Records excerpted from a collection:
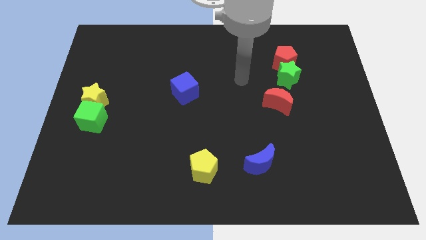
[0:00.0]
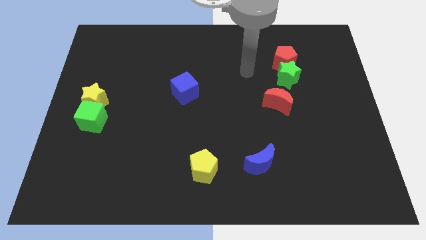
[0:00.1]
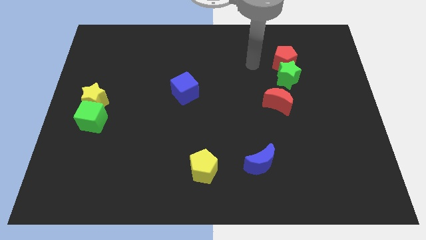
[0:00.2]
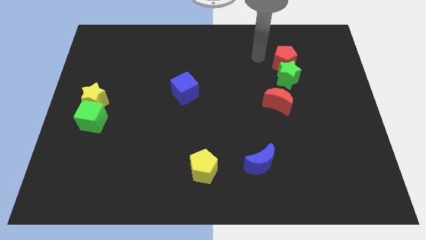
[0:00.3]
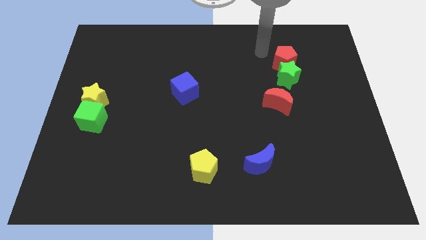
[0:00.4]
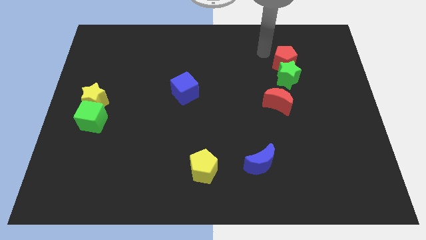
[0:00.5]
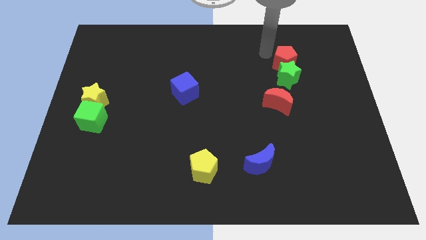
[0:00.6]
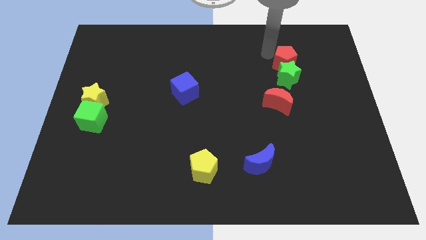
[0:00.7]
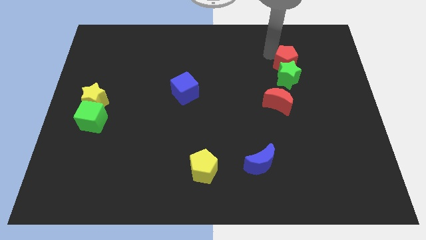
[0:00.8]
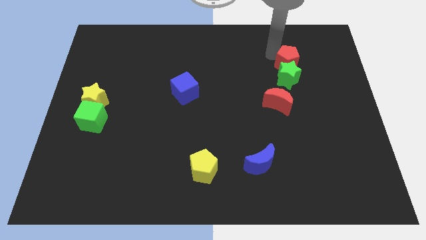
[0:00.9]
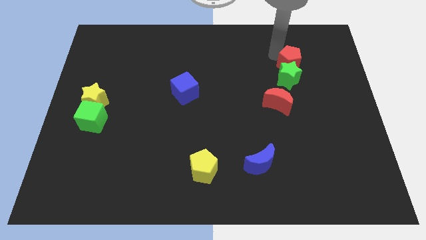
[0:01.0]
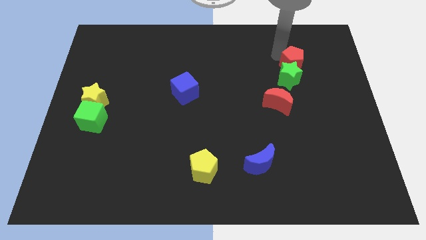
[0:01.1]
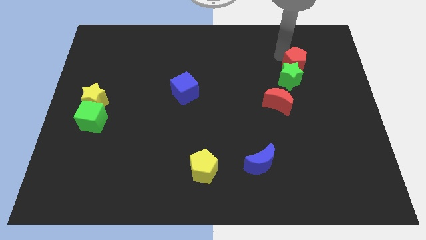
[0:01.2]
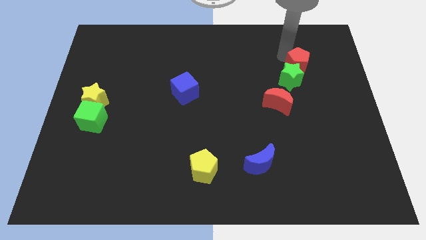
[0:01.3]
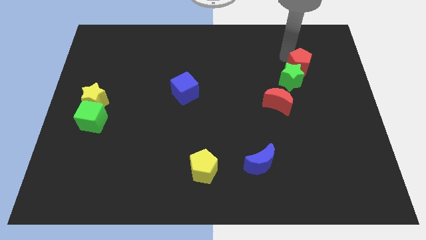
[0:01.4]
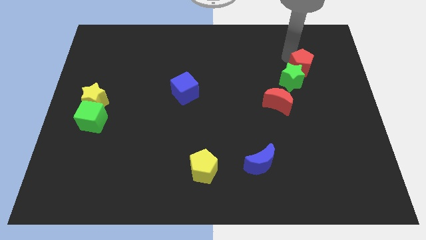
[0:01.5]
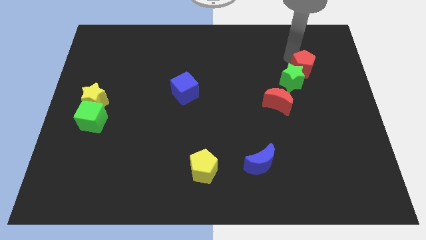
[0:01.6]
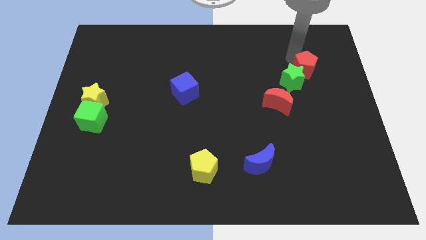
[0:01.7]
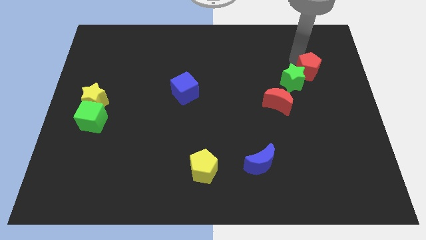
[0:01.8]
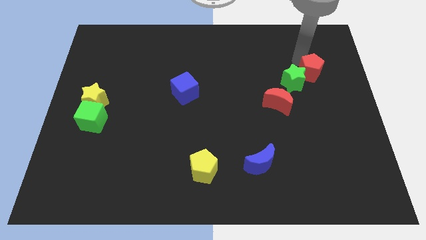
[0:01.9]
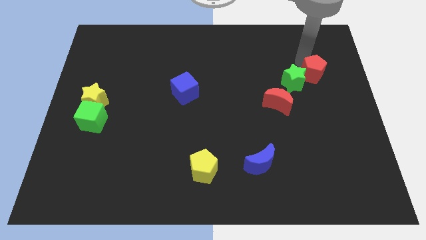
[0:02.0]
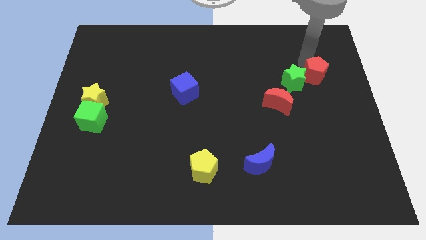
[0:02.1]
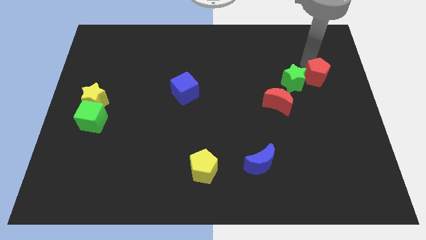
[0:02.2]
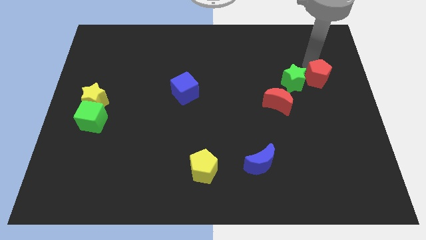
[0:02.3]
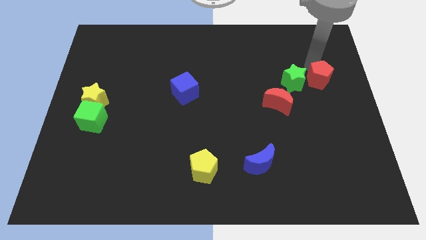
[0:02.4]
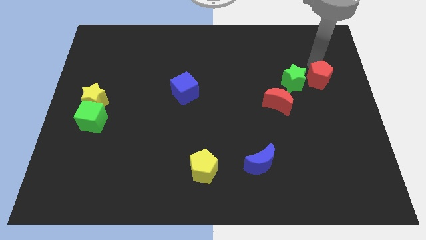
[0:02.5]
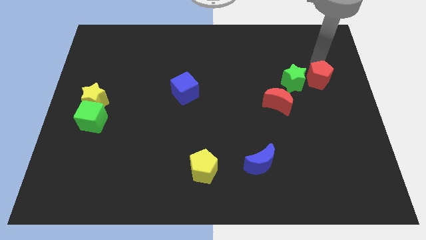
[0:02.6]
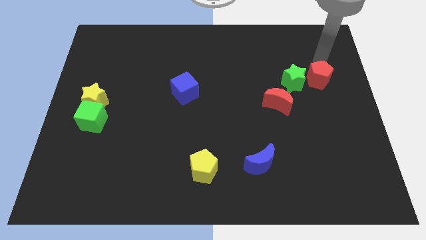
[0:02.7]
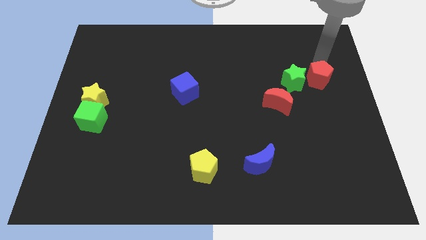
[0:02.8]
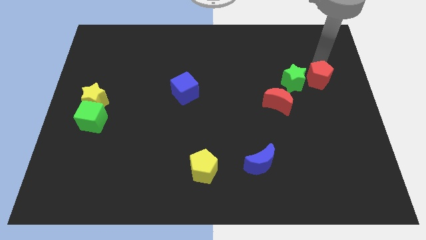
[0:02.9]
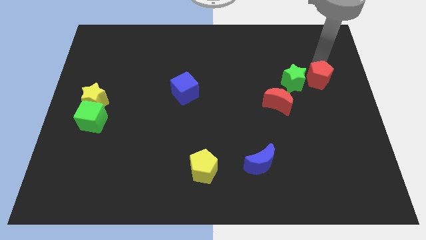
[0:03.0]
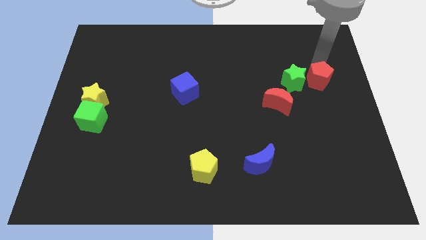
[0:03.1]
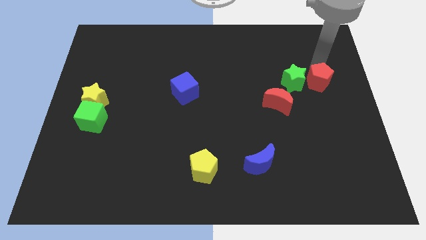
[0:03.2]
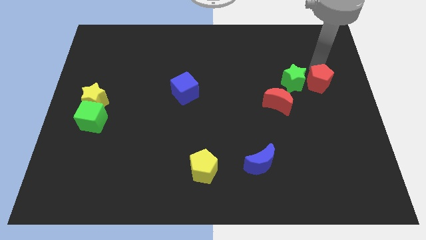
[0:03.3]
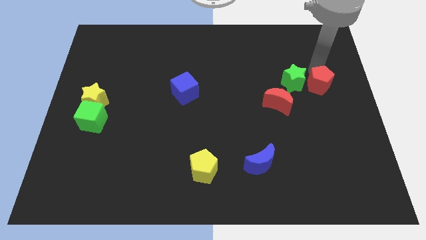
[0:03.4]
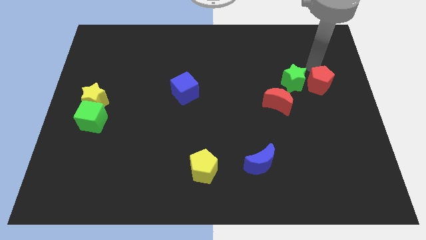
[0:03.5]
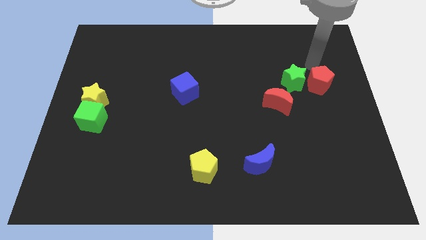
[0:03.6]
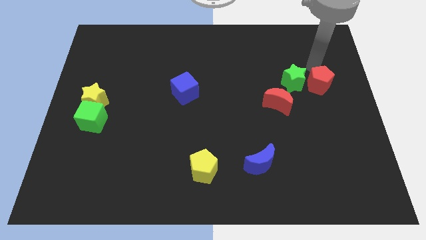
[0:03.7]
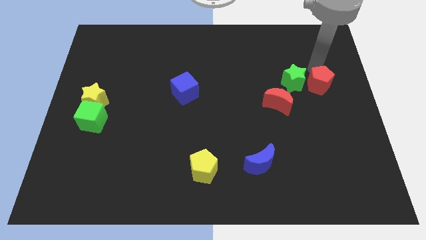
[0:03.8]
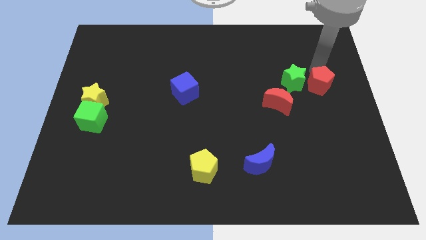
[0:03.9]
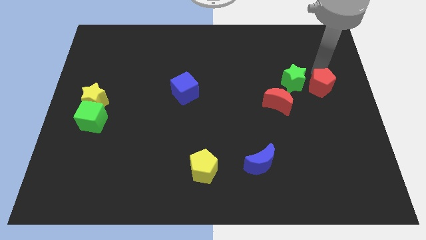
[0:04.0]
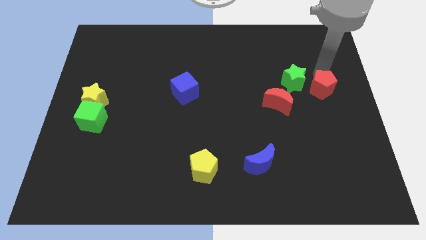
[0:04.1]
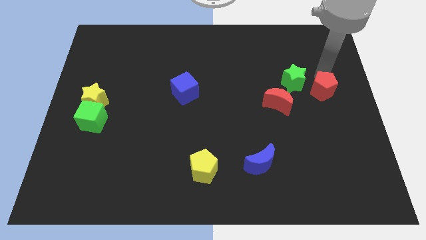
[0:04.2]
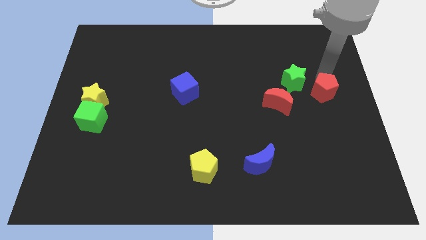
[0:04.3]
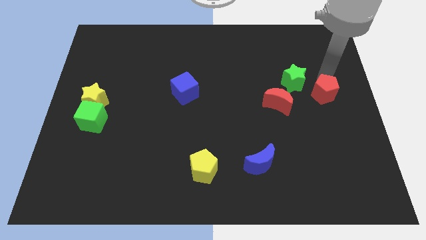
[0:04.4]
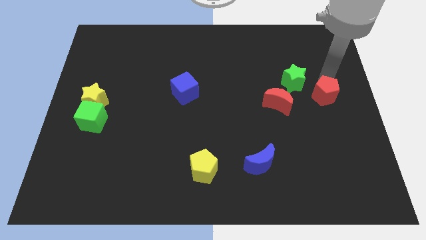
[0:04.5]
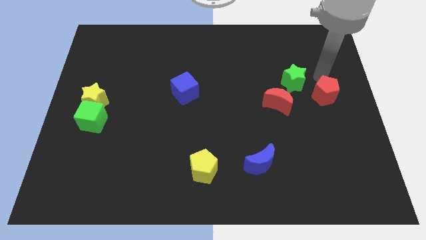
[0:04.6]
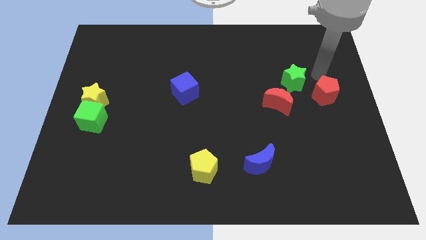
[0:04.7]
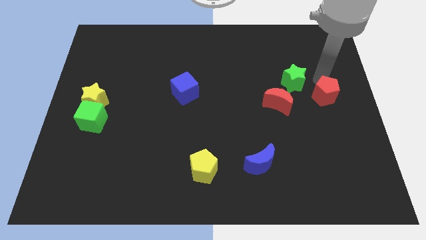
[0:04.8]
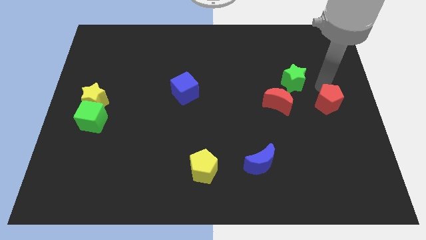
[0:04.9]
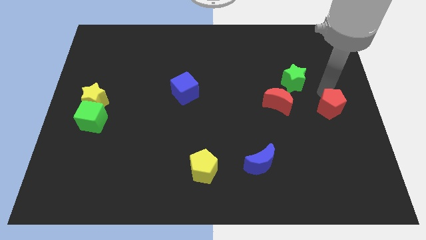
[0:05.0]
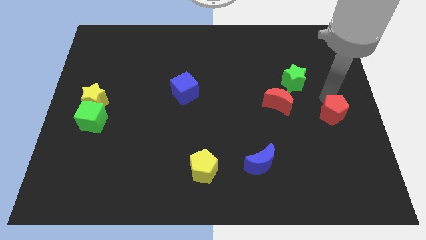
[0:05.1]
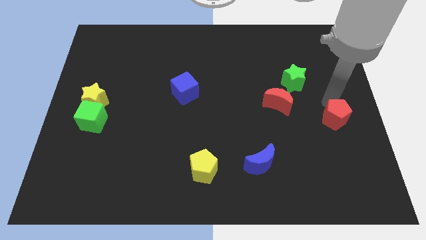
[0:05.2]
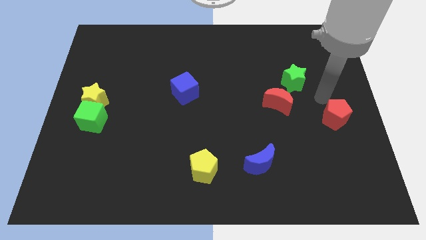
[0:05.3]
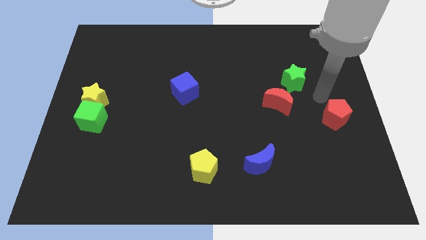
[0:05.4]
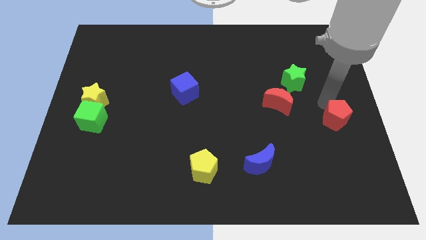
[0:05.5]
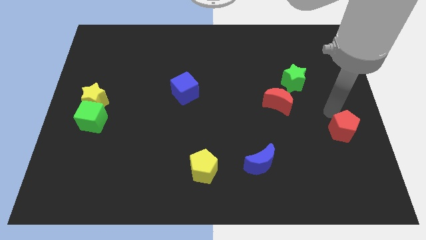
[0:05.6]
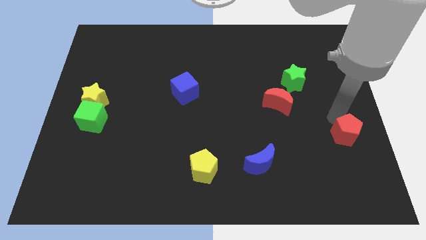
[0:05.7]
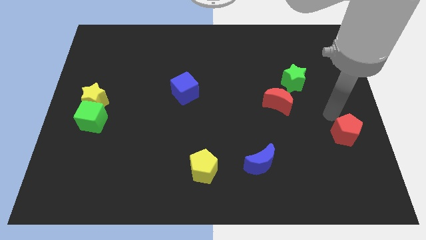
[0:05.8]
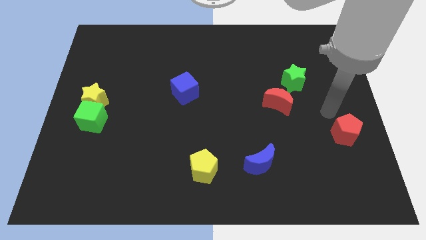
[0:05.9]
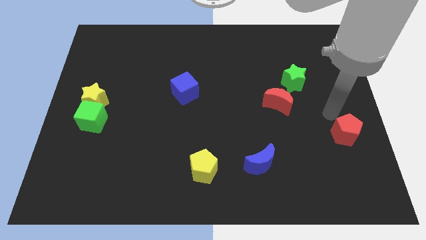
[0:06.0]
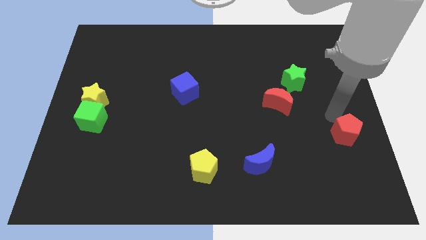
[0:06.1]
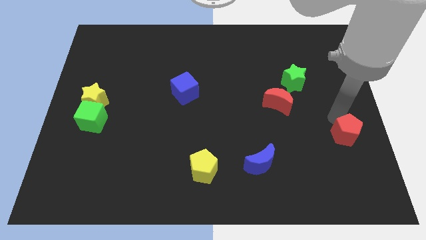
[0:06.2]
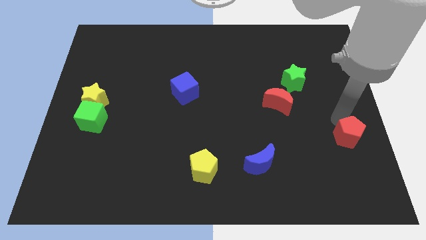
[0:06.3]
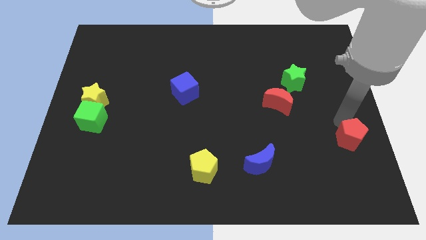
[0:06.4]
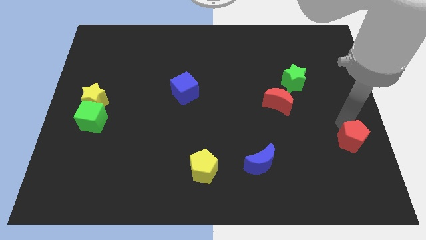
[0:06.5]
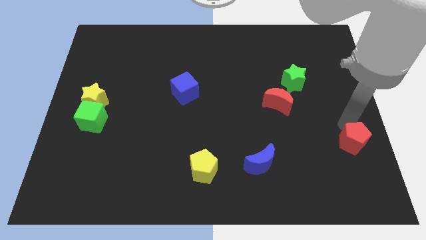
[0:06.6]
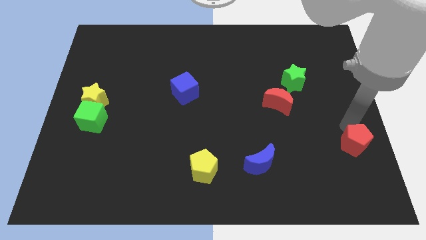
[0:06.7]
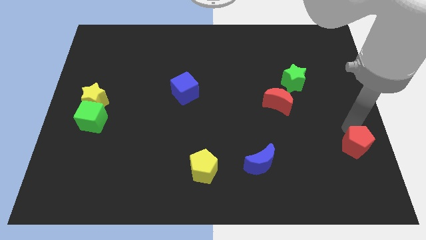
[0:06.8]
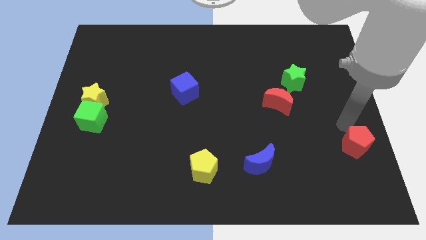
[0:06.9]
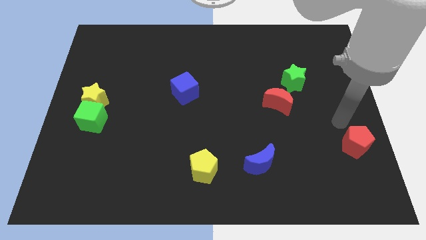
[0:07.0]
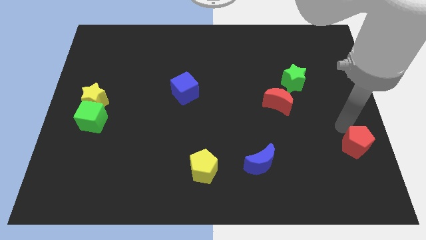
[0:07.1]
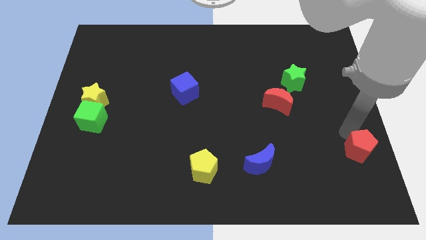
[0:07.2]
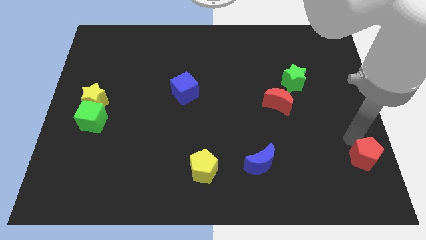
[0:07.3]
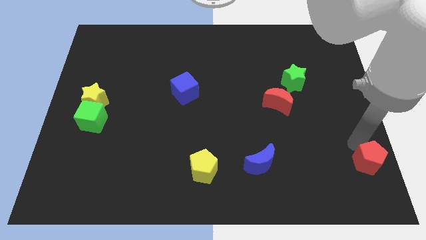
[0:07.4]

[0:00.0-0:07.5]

● **Work order**
Each entry should be set down exactly, pictures excluded.

● **Output**
[0:00.0]
[0:00.1]
[0:00.2]
[0:00.3]
[0:00.4]
[0:00.5]
[0:00.6]
[0:00.7]
[0:00.8]
[0:00.9]
[0:01.0]
[0:01.1]
[0:01.2]
[0:01.3]
[0:01.4]
[0:01.5]
[0:01.6]
[0:01.7]
[0:01.8]
[0:01.9]
[0:02.0]
[0:02.1]
[0:02.2]
[0:02.3]
[0:02.4]
[0:02.5]
[0:02.6]
[0:02.7]
[0:02.8]
[0:02.9]
[0:03.0]
[0:03.1]
[0:03.2]
[0:03.3]
[0:03.4]
[0:03.5]
[0:03.6]
[0:03.7]
[0:03.8]
[0:03.9]
[0:04.0]
[0:04.1]
[0:04.2]
[0:04.3]
[0:04.4]
[0:04.5]
[0:04.6]
[0:04.7]
[0:04.8]
[0:04.9]
[0:05.0]
[0:05.1]
[0:05.2]
[0:05.3]
[0:05.4]
[0:05.5]
[0:05.6]
[0:05.7]
[0:05.8]
[0:05.9]
[0:06.0]
[0:06.1]
[0:06.2]
[0:06.3]
[0:06.4]
[0:06.5]
[0:06.6]
[0:06.7]
[0:06.8]
[0:06.9]
[0:07.0]
[0:07.1]
[0:07.2]
[0:07.3]
[0:07.4]

[0:00.0-0:07.5]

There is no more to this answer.